Assignment
Your job is to retype the records exactly while dropping every picture.

------ Data excerpts ------

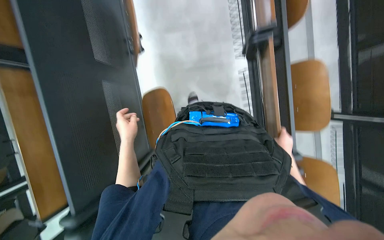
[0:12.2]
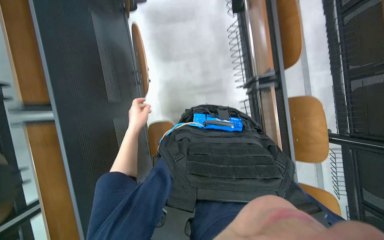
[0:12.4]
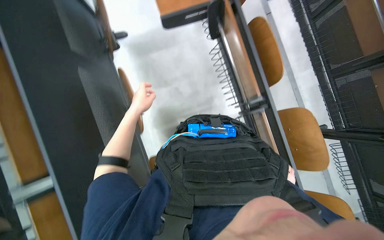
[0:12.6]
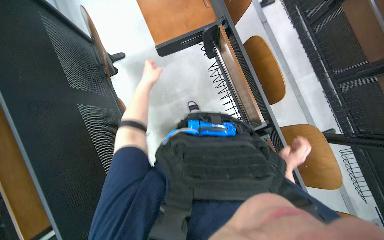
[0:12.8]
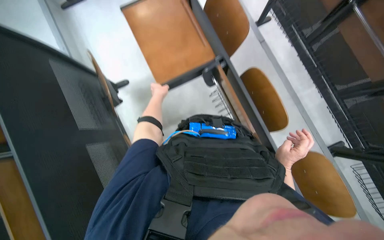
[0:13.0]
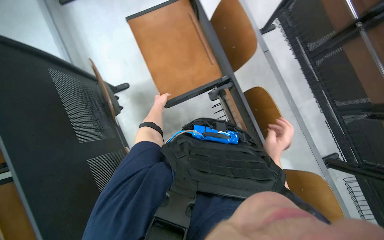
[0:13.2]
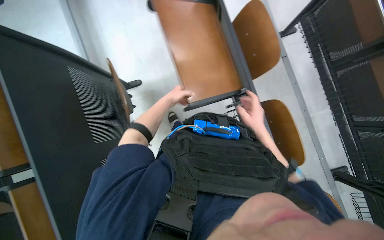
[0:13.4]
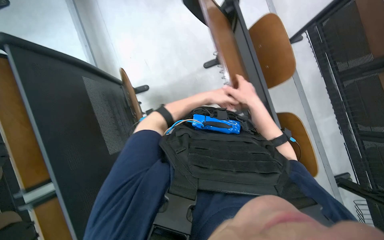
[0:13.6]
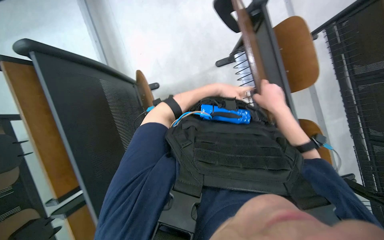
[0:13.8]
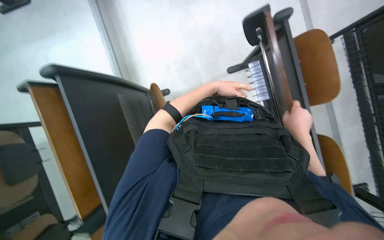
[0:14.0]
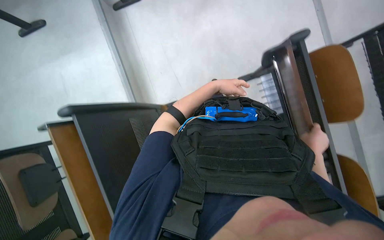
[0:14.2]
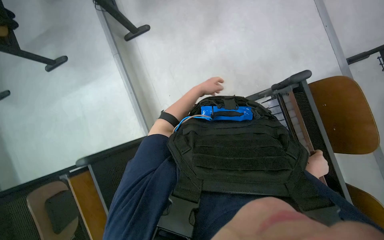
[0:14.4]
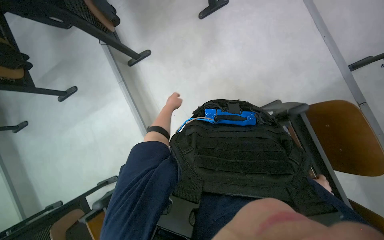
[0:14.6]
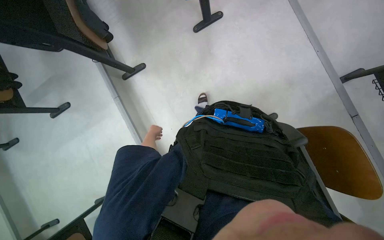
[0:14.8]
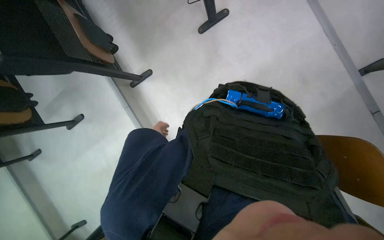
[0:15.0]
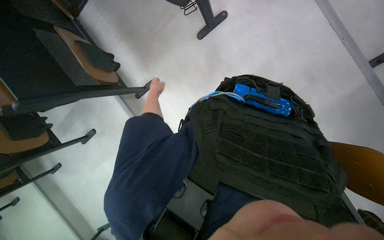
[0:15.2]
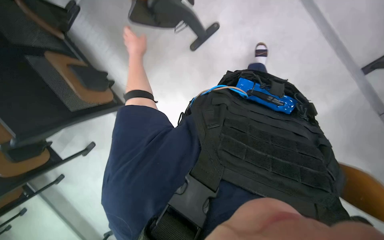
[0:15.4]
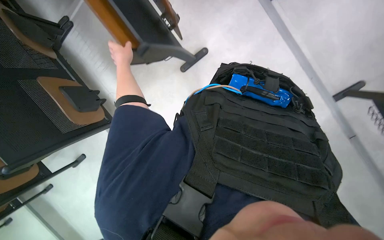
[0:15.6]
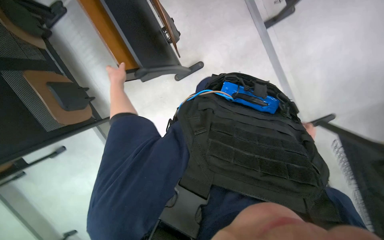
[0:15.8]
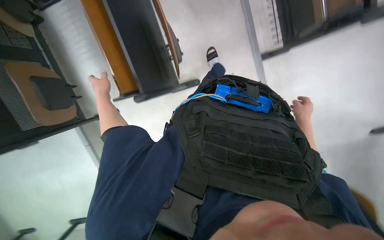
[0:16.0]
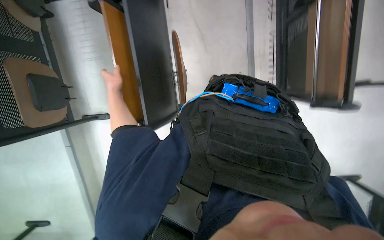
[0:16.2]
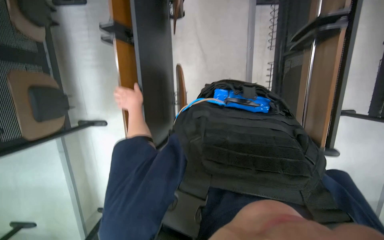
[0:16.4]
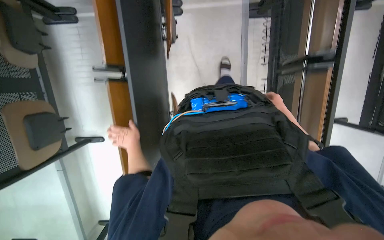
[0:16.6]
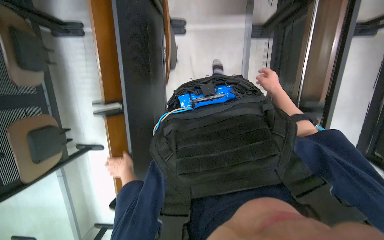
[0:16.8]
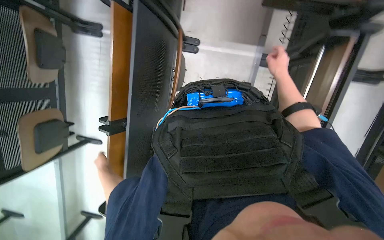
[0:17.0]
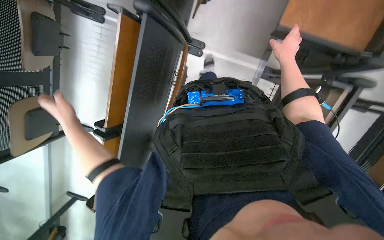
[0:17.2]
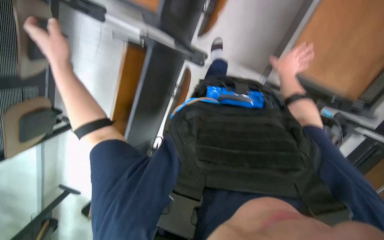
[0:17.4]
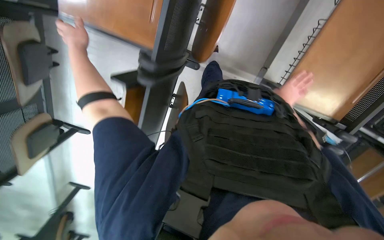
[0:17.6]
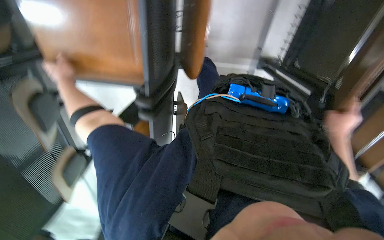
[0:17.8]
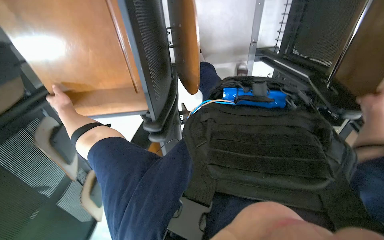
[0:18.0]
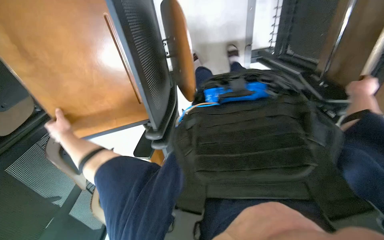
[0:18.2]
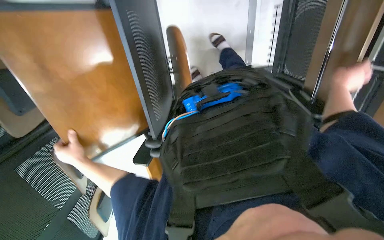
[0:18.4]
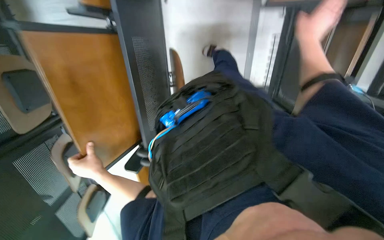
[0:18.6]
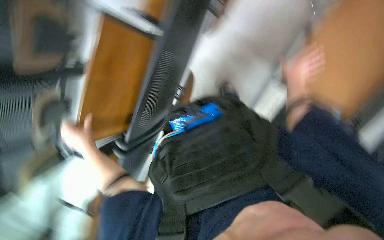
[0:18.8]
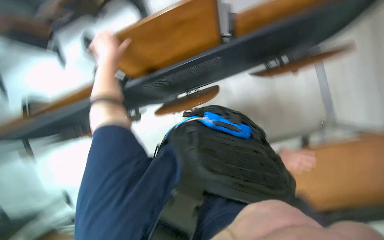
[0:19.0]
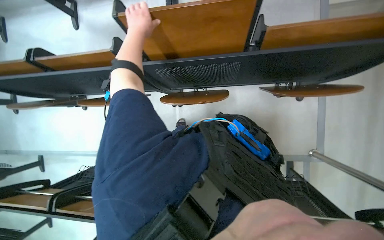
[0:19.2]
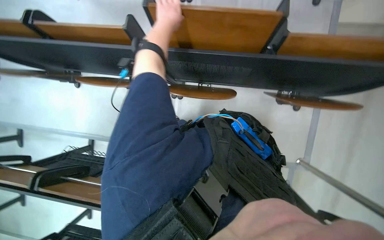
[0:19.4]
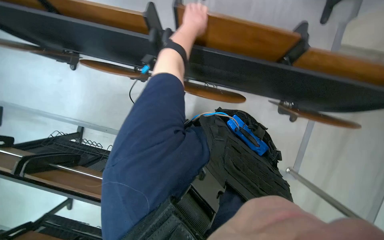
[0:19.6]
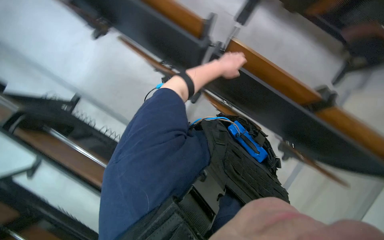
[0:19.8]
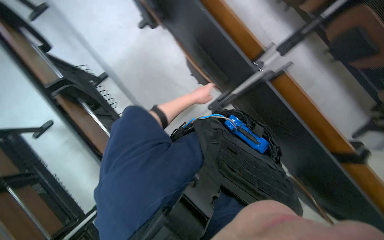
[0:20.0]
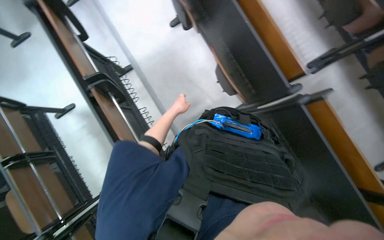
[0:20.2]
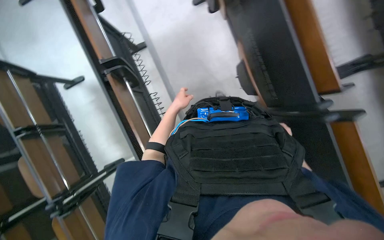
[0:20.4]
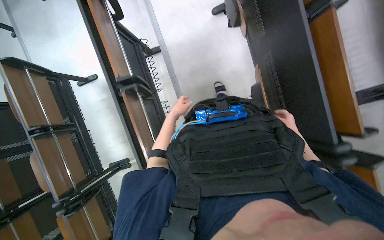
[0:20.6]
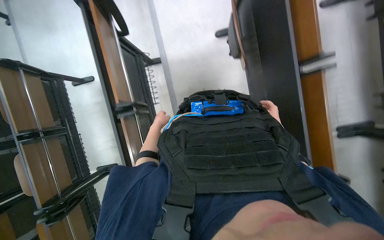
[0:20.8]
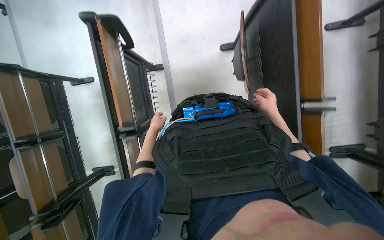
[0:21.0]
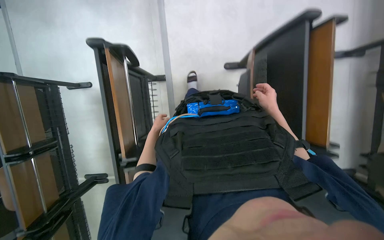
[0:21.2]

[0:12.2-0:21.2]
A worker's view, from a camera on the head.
Job: organizing items.
The whole recording: Arranging chairs and desks. The worker arranges chairs and desks in the room.
0:12.2 to 0:13.8: The camera pitches upward, by approximately 25 degrees. The right hand goes approximately 40 cm up the picture, to the left and nearer to the camera. Meanwhile the left hand goes approximately 35 cm up the picture and to the right.
0:13.8 to 0:15.2: The camera is aimed about 15 degrees further to the left. The camera pitches upward, by about 15 degrees. The left hand is displaced to the left by about 35 cm.
0:18.2 to 0:19.8: The scene rotates clockwise by some 60 degrees.
0:19.8 to 0:21.2: The head travels some 80 cm. The scene turns some 35 degrees clockwise in the picture.

------

Completed task
[0:12.2]
[0:12.4]
[0:12.6]
[0:12.8]
[0:13.0]
[0:13.2]
[0:13.4]
[0:13.6]
[0:13.8]
[0:14.0]
[0:14.2]
[0:14.4]
[0:14.6]
[0:14.8]
[0:15.0]
[0:15.2]
[0:15.4]
[0:15.6]
[0:15.8]
[0:16.0]
[0:16.2]
[0:16.4]
[0:16.6]
[0:16.8]
[0:17.0]
[0:17.2]
[0:17.4]
[0:17.6]
[0:17.8]
[0:18.0]
[0:18.2]
[0:18.4]
[0:18.6]
[0:18.8]
[0:19.0]
[0:19.2]
[0:19.4]
[0:19.6]
[0:19.8]
[0:20.0]
[0:20.2]
[0:20.4]
[0:20.6]
[0:20.8]
[0:21.0]
[0:21.2]

[0:12.2-0:21.2]
A worker's view, from a camera on the head.
Job: organizing items.
The whole recording: Arranging chairs and desks. The worker arranges chairs and desks in the room.
0:12.2 to 0:13.8: The camera pitches upward, by approximately 25 degrees. The right hand goes approximately 40 cm up the picture, to the left and nearer to the camera. Meanwhile the left hand goes approximately 35 cm up the picture and to the right.
0:13.8 to 0:15.2: The camera is aimed about 15 degrees further to the left. The camera pitches upward, by about 15 degrees. The left hand is displaced to the left by about 35 cm.
0:18.2 to 0:19.8: The scene rotates clockwise by some 60 degrees.
0:19.8 to 0:21.2: The head travels some 80 cm. The scene turns some 35 degrees clockwise in the picture.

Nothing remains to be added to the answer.